As discussed in an earlier post regarding oilman Bill Skelly's interest in aviation, he led the way in putting together the funds to open Tulsa's Municipal Airport in 1928 (along with several other wealthy businessmen). Skelly's wealth allowed him to indulge his interest in this new frontier by founding the Spartan Aircraft Company. This was a college as well as a manufacturer of open cockpit and canvas bodied biplanes which were used primarily for the flight training schools.
This was the Spartan Aircraft Factory in 1929, located on N. Sheridan, north of the Frisco Railroad tracks in an area known as Tulsa Heights. In the lower left hand corner of the photo is North Sheridan. The road with the grass median is East Virgin Street.
With profits from the well-made products wisely being reinvested into research and development, they were able to come up with great technical improvements. One of the most lucrative products was the "Spartan Executive", a luxury model and aviation legend. It was built for the comfort and luxurious tastes of the rich oilmen, rivaling the comfort of the most opulent limousines of the day.
Skelly sold Spartan to billionaire J. Paul Getty in the late 1930's.

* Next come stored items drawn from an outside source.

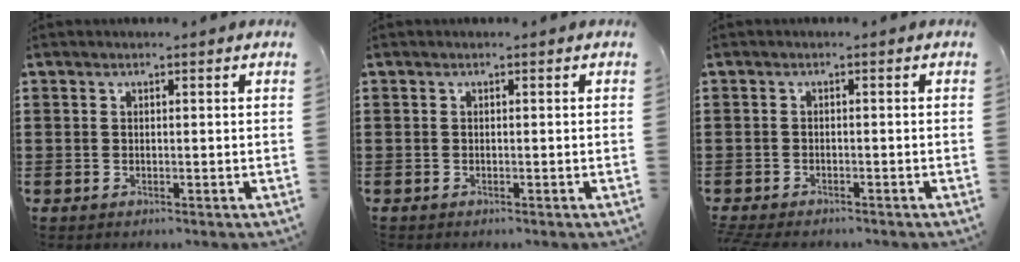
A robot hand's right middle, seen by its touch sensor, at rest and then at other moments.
{"total": 0.0}
{"total": 1.3, "force": [-1.3, 0.1, 0.2], "torque": [-0.015, -0.004, -0.029]}
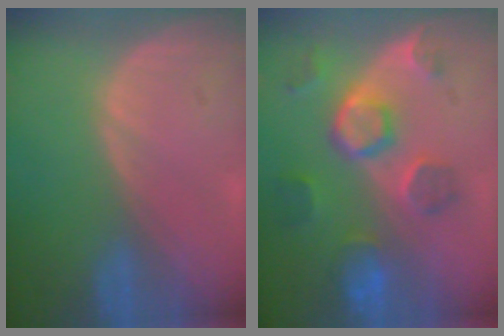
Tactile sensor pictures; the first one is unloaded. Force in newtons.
{"total": 8.7, "press": 7.9, "slide": 3.7}
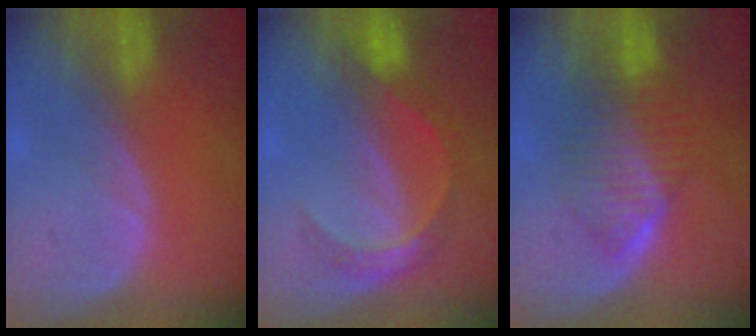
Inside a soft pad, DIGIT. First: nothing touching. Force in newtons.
{"total": 5.2, "press": 4.9, "slide": 1.7}
{"total": 6.5, "press": 6.5, "slide": 0.1}
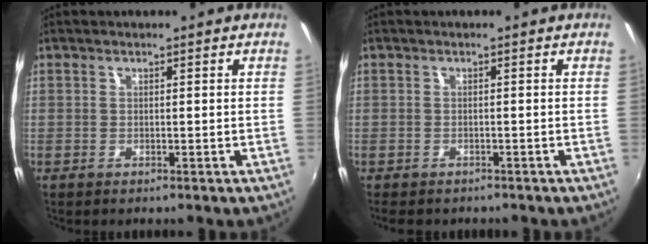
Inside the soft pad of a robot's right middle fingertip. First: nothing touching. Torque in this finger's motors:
{"motor_torque": [0.57, -0.58, 0.08, 0.05]}

When the U.S. became involved in the war Getty threw himself into the operation of running the plant, receiving a contract to build Navy trainers. At the end of the war, Getty had to decide where to take the company. There were quite a few options on the table: 5-passenger airplanes, a new type of automobile and a radically designed travel trailer. With the great need for housing after the war, Getty determined that trailer manufacturing would be the way to go.

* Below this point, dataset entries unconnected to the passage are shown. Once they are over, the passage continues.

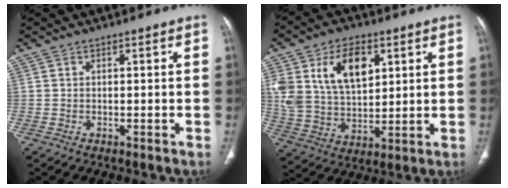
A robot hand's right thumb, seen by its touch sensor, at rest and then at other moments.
{"total": 17.4, "force": [6.5, 10.5, 12.3], "torque": [-0.207, -0.017, 0.133]}
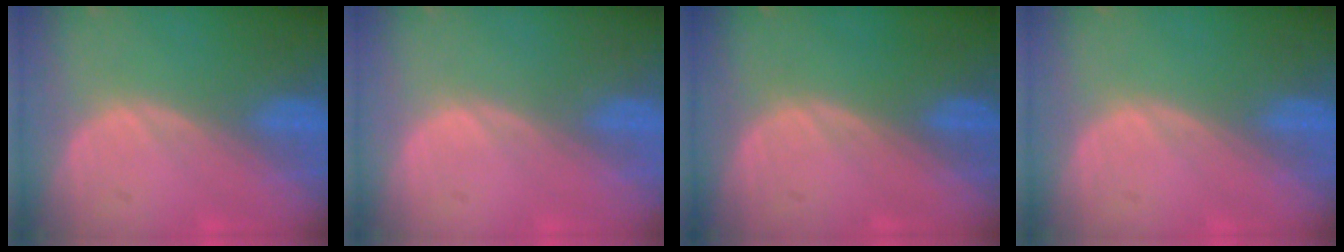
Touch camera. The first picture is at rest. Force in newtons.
{"total": 0.5, "press": 0.1, "slide": 0.5}
{"total": 0.0}
{"total": 0.0}
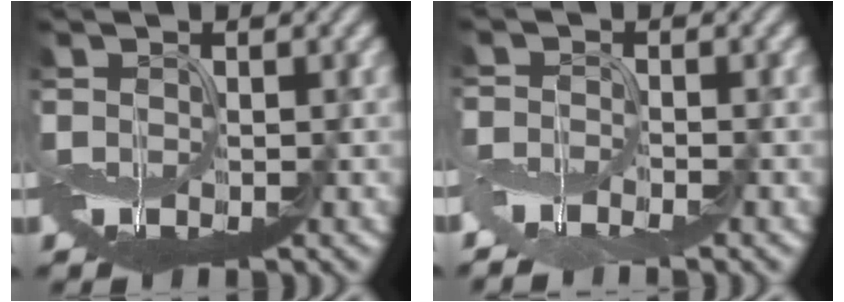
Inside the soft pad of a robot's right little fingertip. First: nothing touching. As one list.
[{"total": 2.9, "force": [-2.6, 0.4, 1.2], "torque": [-0.026, -0.009, -0.061]}]
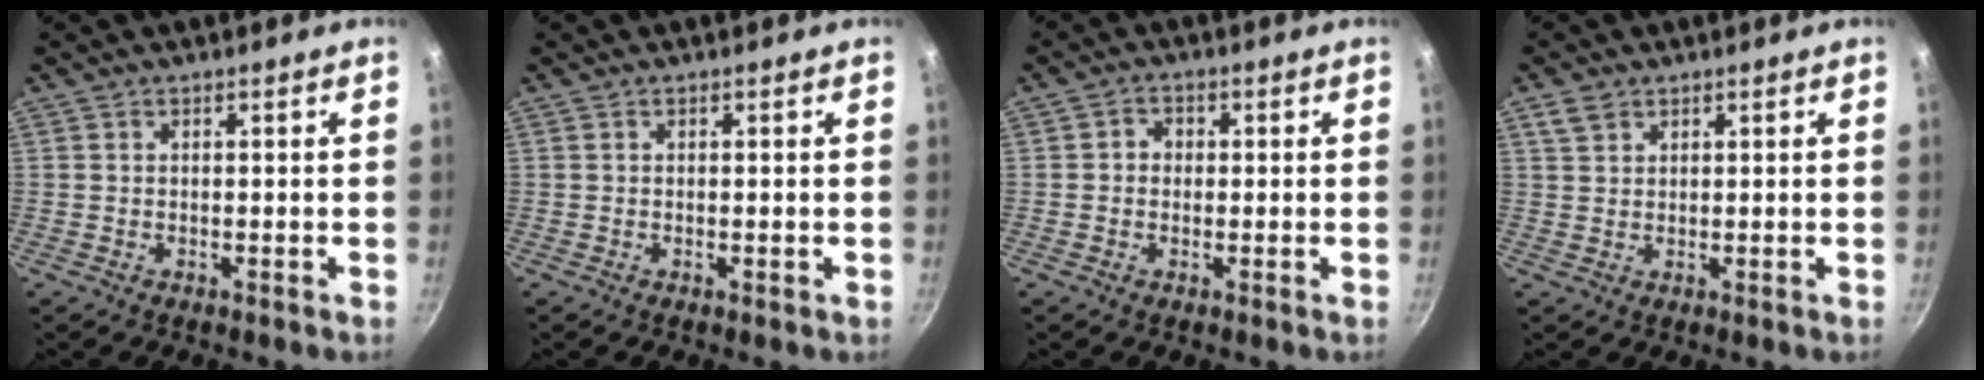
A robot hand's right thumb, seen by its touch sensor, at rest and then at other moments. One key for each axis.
{"total": 0.0}
{"total": 2.8, "fx": 0.1, "fy": 2.4, "fz": 1.3, "tx": -0.010, "ty": 0.006, "tz": -0.005}
{"total": 2.9, "fx": 1.7, "fy": 2.0, "fz": 1.3, "tx": -0.016, "ty": 0.000, "tz": 0.035}
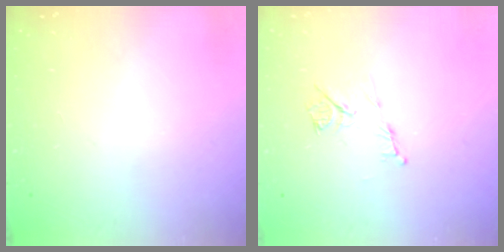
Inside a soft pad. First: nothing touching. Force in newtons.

from the Spartan Trailer History page:
The first prototype was made in the summer of 1945 using aircraft design similar to the Spartan Executive without much concern for other trailers trailer design of the time. They were out to produce the best product on the market. Using building techniques and designs that they had mastered in the aircraft building industry. By mid 1945 the pilot model had been completely road tested and a small production run of 100 was scheduled.
True to their intent, Spartan spared no expense on these trailers. They were of the highest quality and sleekest design employing the monocoque building technique used in airplane manufacturing. They were truly the "Cadillac" of trailers. When we compare the price of a brand new home in Levittown for under $8000 including the land the 25 foot Spartan Manor at close to $4000, it was rather expensive.
The first models rolling off the production line in the mid 40's to early 50's could be considered true travel trailers in every sense with the largest reaching around 35 feet long. As the interstate highway system began to come into existence things would change.
The company started making much larger trailers, or homes as Spartan preferred to call them. They were furnished in the latest of styles from couches to window coverings. The 50's saw a great rise in the number of competing trailer manufacturing companies. Most offering models priced much below that of Spartan. In 1958, to stay competitive, Spartan introduced 2 new lines of trailers. The "Sparcraft" an all aluminum and riveted trailer constructed with less appealing styling than the Spartan. The super economy line the "Sparlane" was a basic boxy affordable mobile home.
1961 marked the final year of production. At this time Spartan had a very extensive line of trailers with 19 models. The largest reaching 10 feet wide by 55 feet long. A fleet of 29 2-ton Internationals was used to deliver these large homes. In 1962 the plant closed and the company went into the insurance and financial business, under the name of the Minnehoma Insurance Co., After closing its plant, Spartan sold its name to the Spartan School of Aeronautics, which continues today.